American writer of young adult fiction (born 1963)

Scott David Westerfeld (born May 5, 1963) is an American writer of young adult fiction, best known as the author of the Uglies and the Leviathan series.

==Early life==

Scott Westerfeld was born in Dallas, Texas. As a child, he moved to Connecticut for his father Lloyd, who had a job as a computer programmer for UNIVAC. He saw his father working with planes for Lockheed Martin, submarines for Electric Boat, and NASA's Apollo missions; these projects made his family move across the states frequently, and he developed a penchant for storytelling to his peers and teachers who often asked him about his hometown.
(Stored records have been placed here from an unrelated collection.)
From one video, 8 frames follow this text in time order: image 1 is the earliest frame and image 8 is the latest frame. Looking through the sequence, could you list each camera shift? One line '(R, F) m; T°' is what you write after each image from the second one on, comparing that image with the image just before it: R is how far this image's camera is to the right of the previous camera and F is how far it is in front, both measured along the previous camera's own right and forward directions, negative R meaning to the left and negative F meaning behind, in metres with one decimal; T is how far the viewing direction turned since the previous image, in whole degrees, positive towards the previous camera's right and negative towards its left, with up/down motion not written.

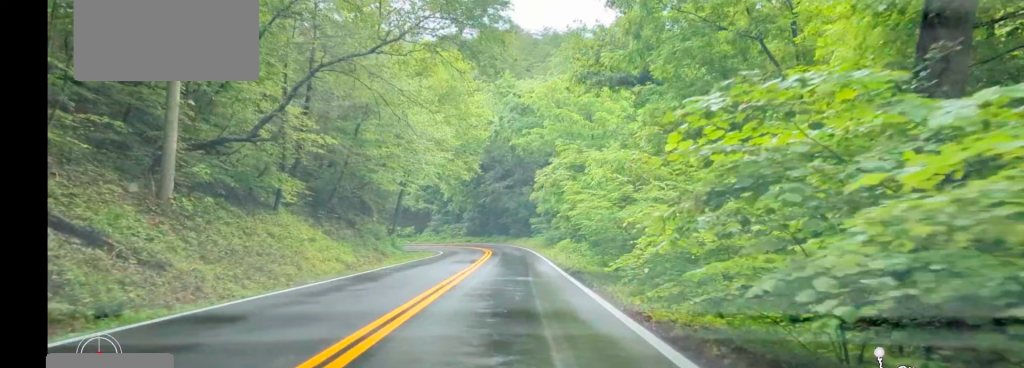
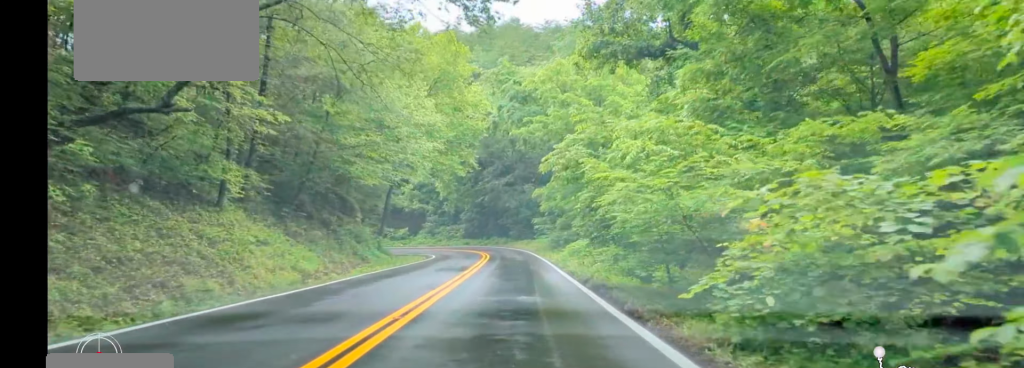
(-0.2, +5.8) m; 0°
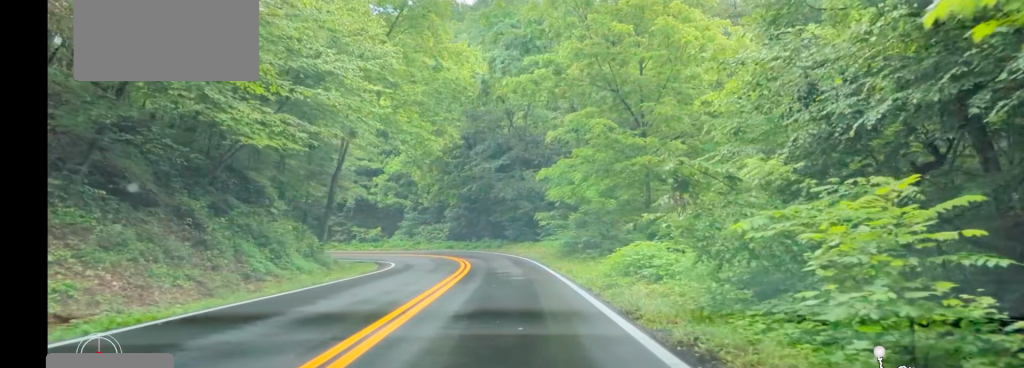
(+0.3, +15.8) m; 0°
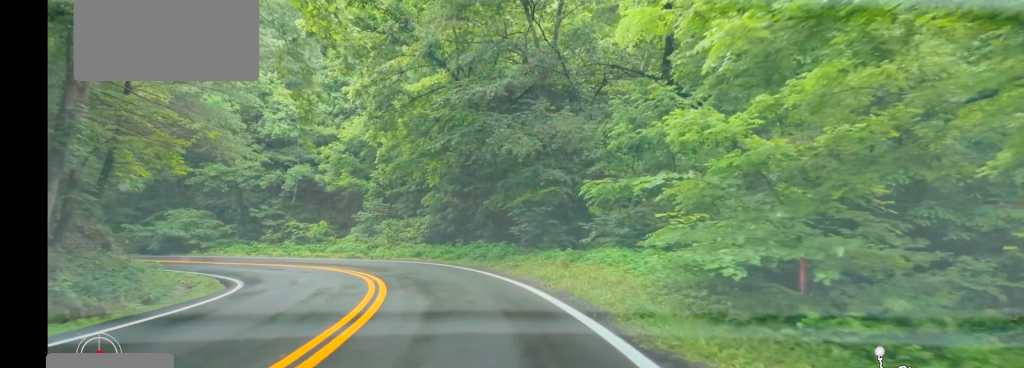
(-0.8, +23.7) m; -4°
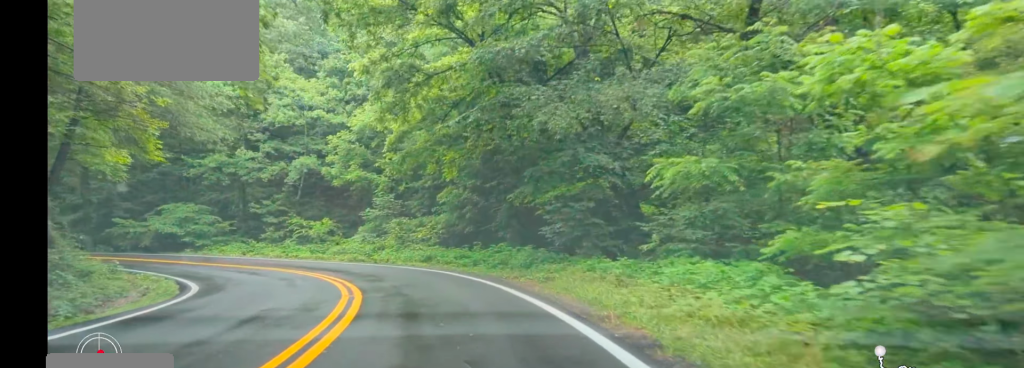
(0.0, +5.1) m; -3°
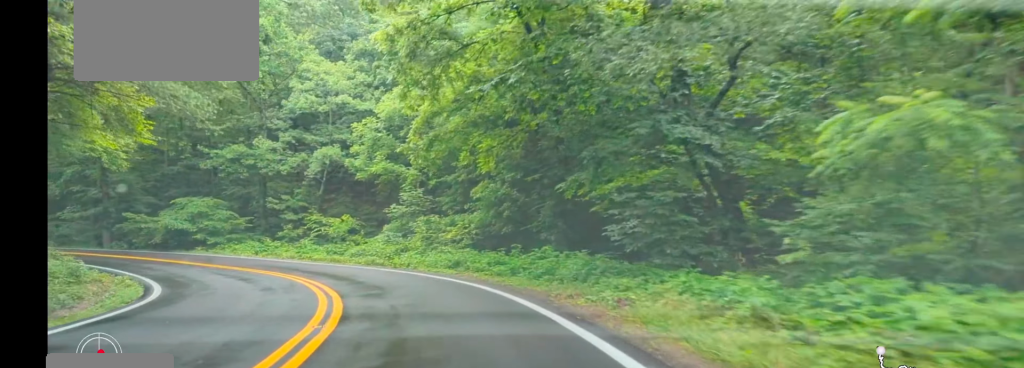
(0.0, +5.3) m; -6°
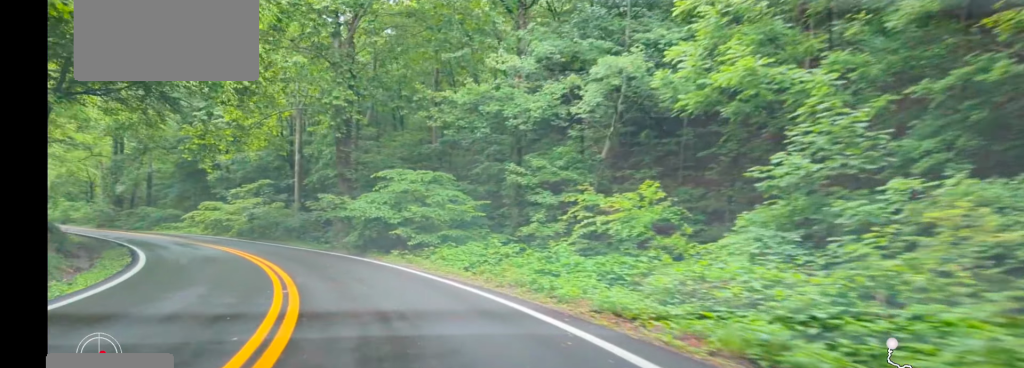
(-5.0, +20.6) m; -20°
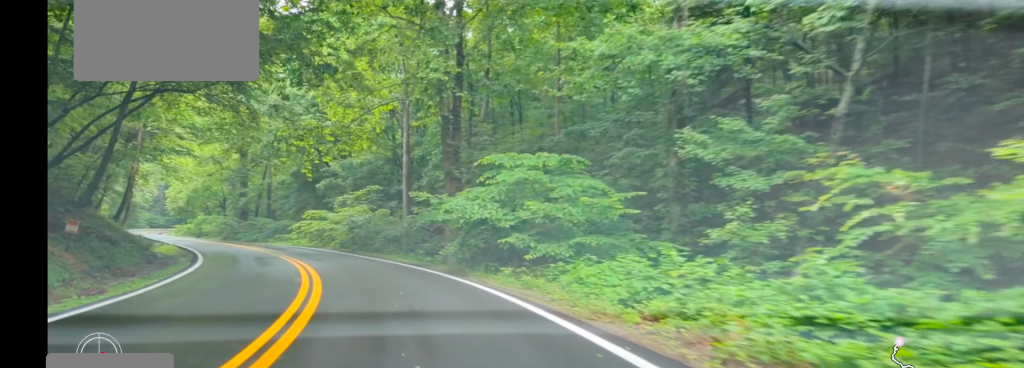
(-0.1, +7.8) m; -6°

Westerfeld graduated from Vassar College with an A.B. in Philosophy in 1985. He began composing music as a teenager and composes music for modern dance. In 2001, Westerfeld married Australian author Justine Larbalestier.

As of 2013, Westerfeld divided his time between Sydney, Australia and New York City.

==Books==
Westerfeld is best known for the Uglies series and its spin-offs. Other novels of his include Afterworlds and, for adults, The Risen Empire and The Killing of Worlds, parts one and two of Succession.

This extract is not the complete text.